> WHAT YOU SHOULD DO
Restate every line below word for word, but drop each picture.

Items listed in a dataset
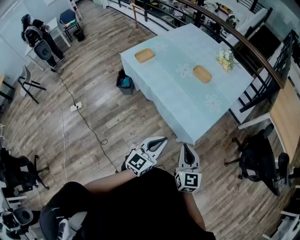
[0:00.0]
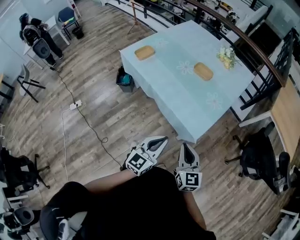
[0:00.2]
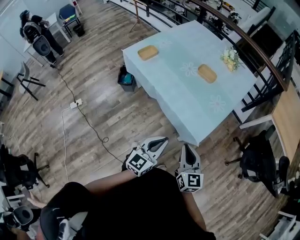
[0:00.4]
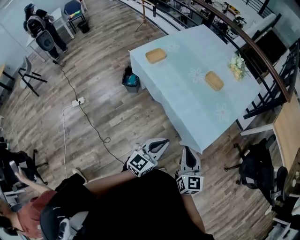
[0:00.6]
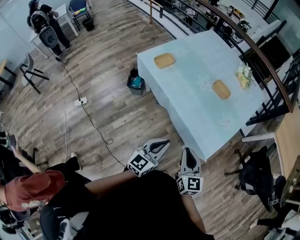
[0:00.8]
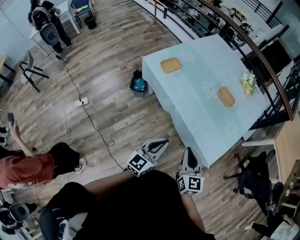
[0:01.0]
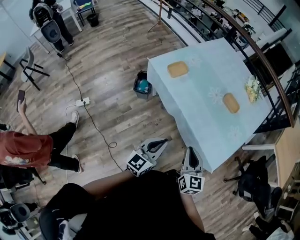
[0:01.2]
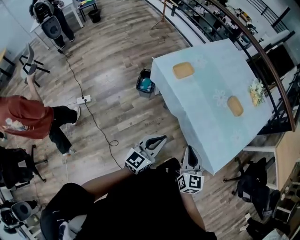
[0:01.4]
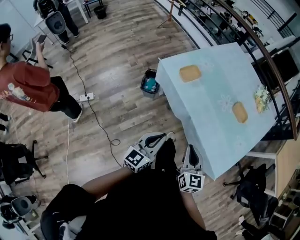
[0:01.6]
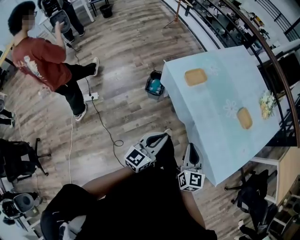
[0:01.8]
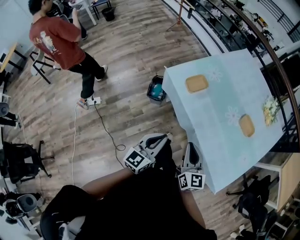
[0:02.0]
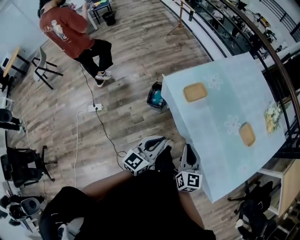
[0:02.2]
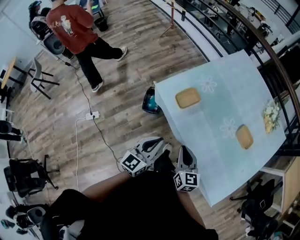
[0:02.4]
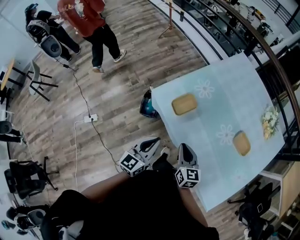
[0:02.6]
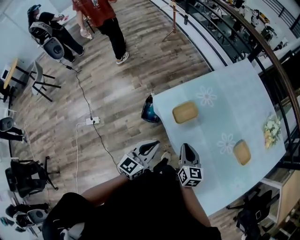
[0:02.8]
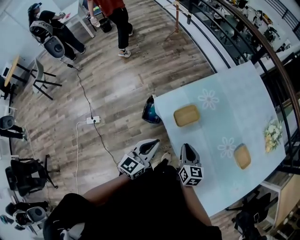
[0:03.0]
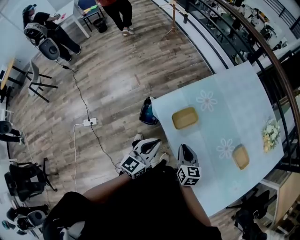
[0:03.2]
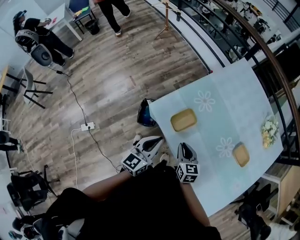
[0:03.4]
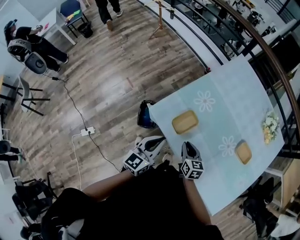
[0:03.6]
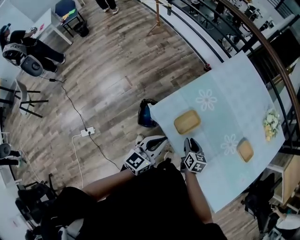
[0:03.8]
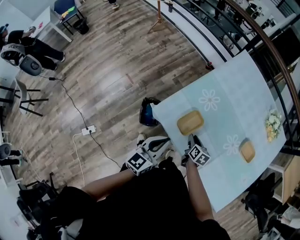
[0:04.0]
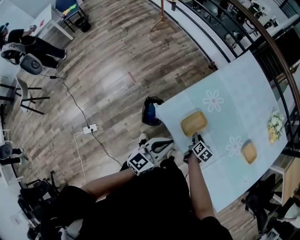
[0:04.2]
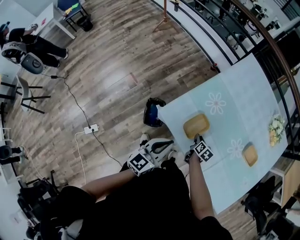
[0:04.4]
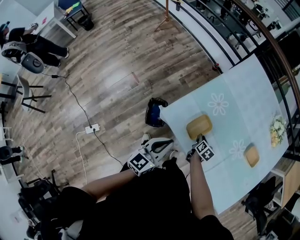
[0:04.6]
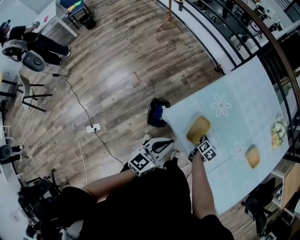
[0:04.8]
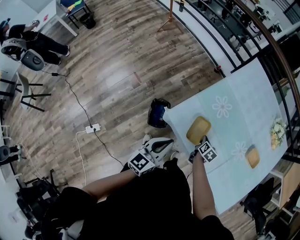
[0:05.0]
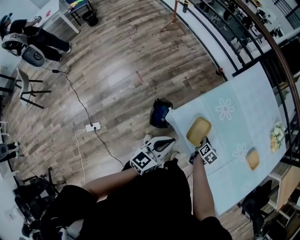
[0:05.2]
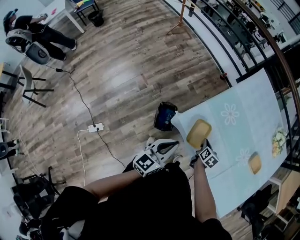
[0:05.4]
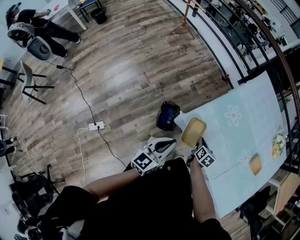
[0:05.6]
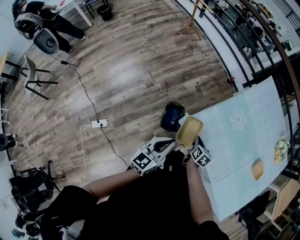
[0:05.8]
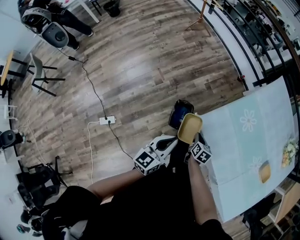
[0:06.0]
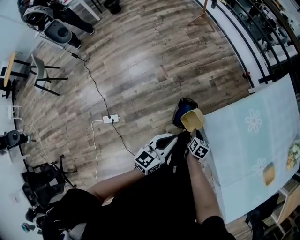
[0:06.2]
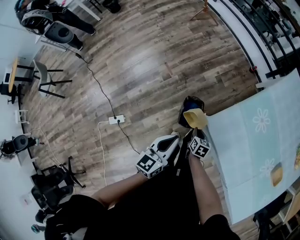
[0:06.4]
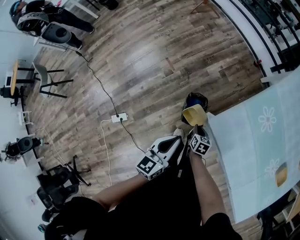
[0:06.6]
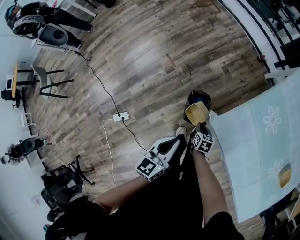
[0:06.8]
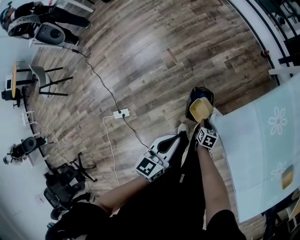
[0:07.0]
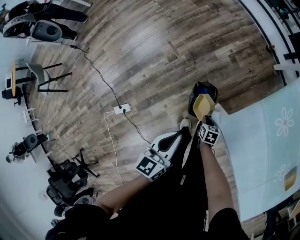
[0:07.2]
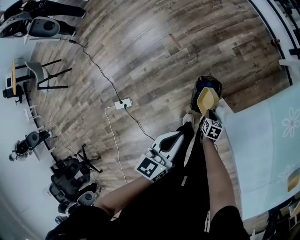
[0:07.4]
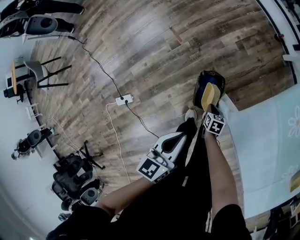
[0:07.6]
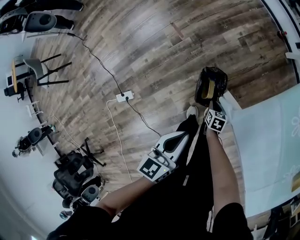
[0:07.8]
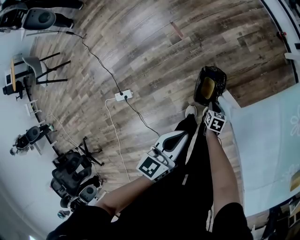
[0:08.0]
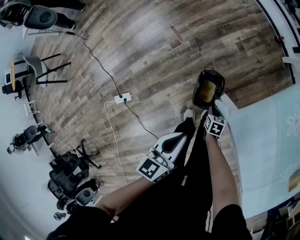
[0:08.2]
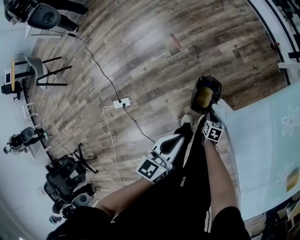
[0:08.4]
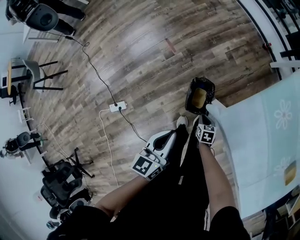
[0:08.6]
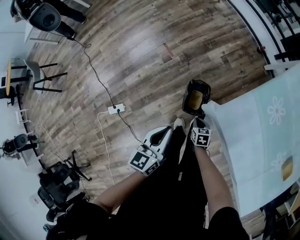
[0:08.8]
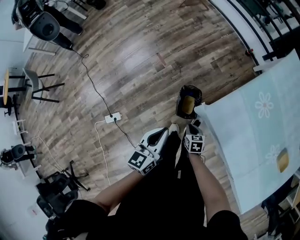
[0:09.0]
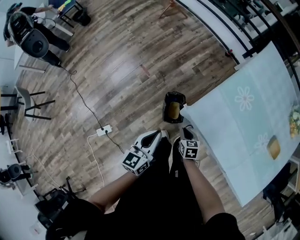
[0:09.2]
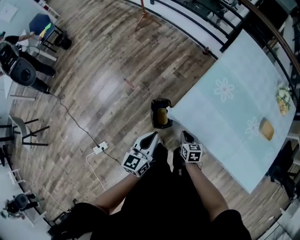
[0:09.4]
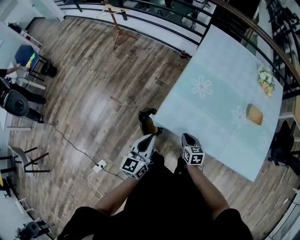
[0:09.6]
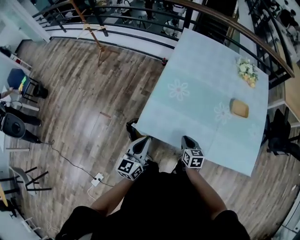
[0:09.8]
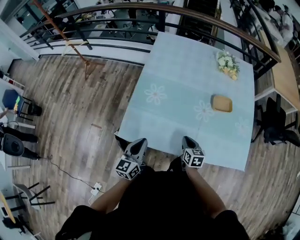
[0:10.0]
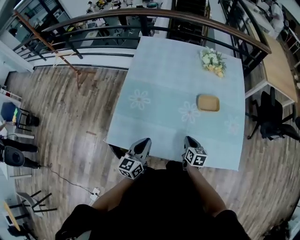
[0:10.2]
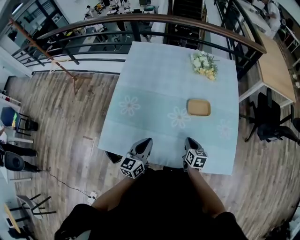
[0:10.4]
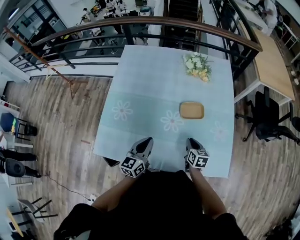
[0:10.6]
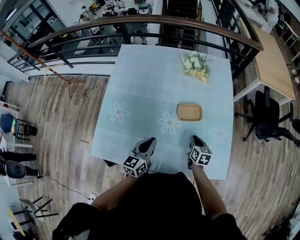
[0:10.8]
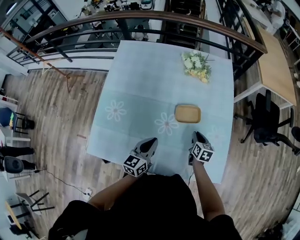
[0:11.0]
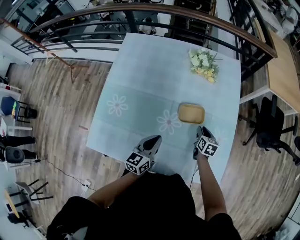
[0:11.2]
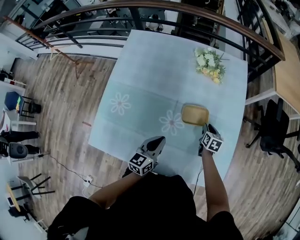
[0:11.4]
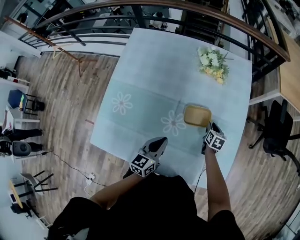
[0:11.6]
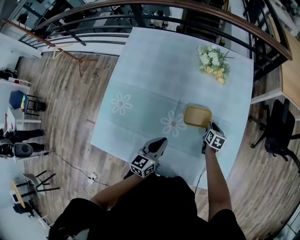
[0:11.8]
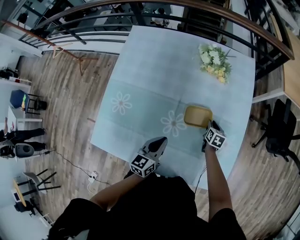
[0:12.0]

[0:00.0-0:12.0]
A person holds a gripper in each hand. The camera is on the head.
0:00.0 to 0:01.6: The two grippers go approximately 40 cm to the left and forward.
0:01.6 to 0:03.0: Both grippers travel together forward, about 30 cm.
0:03.0 to 0:04.4: The left gripper moves forward and to the left, approximately 10 cm, and rotates about 20 degrees; the right gripper is displaced downward and forward by approximately 20 cm, and rotates some 50 degrees.
0:04.4 to 0:06.0: The two grippers go some 20 cm to the left.
0:06.0 to 0:07.6: The left gripper travels downward by roughly 15 cm, while the right gripper is displaced downward by roughly 30 cm.
0:07.6 to 0:09.0: The right gripper heads upward and backward, covering about 20 cm, while the left gripper heads upward, covering roughly 10 cm.
0:09.0 to 0:10.4: Both grippers are carried roughly 60 cm. The right gripper turns by about 60 degrees. Meanwhile the left gripper changes its angle by about 40 degrees.
0:10.4 to 0:12.0: The left gripper moves forward and to the right, some 20 cm. The right gripper moves forward, to the right and downward, about 30 cm.

> RESPONSE TO THE EXERCISE
[0:00.0]
[0:00.2]
[0:00.4]
[0:00.6]
[0:00.8]
[0:01.0]
[0:01.2]
[0:01.4]
[0:01.6]
[0:01.8]
[0:02.0]
[0:02.2]
[0:02.4]
[0:02.6]
[0:02.8]
[0:03.0]
[0:03.2]
[0:03.4]
[0:03.6]
[0:03.8]
[0:04.0]
[0:04.2]
[0:04.4]
[0:04.6]
[0:04.8]
[0:05.0]
[0:05.2]
[0:05.4]
[0:05.6]
[0:05.8]
[0:06.0]
[0:06.2]
[0:06.4]
[0:06.6]
[0:06.8]
[0:07.0]
[0:07.2]
[0:07.4]
[0:07.6]
[0:07.8]
[0:08.0]
[0:08.2]
[0:08.4]
[0:08.6]
[0:08.8]
[0:09.0]
[0:09.2]
[0:09.4]
[0:09.6]
[0:09.8]
[0:10.0]
[0:10.2]
[0:10.4]
[0:10.6]
[0:10.8]
[0:11.0]
[0:11.2]
[0:11.4]
[0:11.6]
[0:11.8]
[0:12.0]

[0:00.0-0:12.0]
A person holds a gripper in each hand. The camera is on the head.
0:00.0 to 0:01.6: The two grippers go approximately 40 cm to the left and forward.
0:01.6 to 0:03.0: Both grippers travel together forward, about 30 cm.
0:03.0 to 0:04.4: The left gripper moves forward and to the left, approximately 10 cm, and rotates about 20 degrees; the right gripper is displaced downward and forward by approximately 20 cm, and rotates some 50 degrees.
0:04.4 to 0:06.0: The two grippers go some 20 cm to the left.
0:06.0 to 0:07.6: The left gripper travels downward by roughly 15 cm, while the right gripper is displaced downward by roughly 30 cm.
0:07.6 to 0:09.0: The right gripper heads upward and backward, covering about 20 cm, while the left gripper heads upward, covering roughly 10 cm.
0:09.0 to 0:10.4: Both grippers are carried roughly 60 cm. The right gripper turns by about 60 degrees. Meanwhile the left gripper changes its angle by about 40 degrees.
0:10.4 to 0:12.0: The left gripper moves forward and to the right, some 20 cm. The right gripper moves forward, to the right and downward, about 30 cm.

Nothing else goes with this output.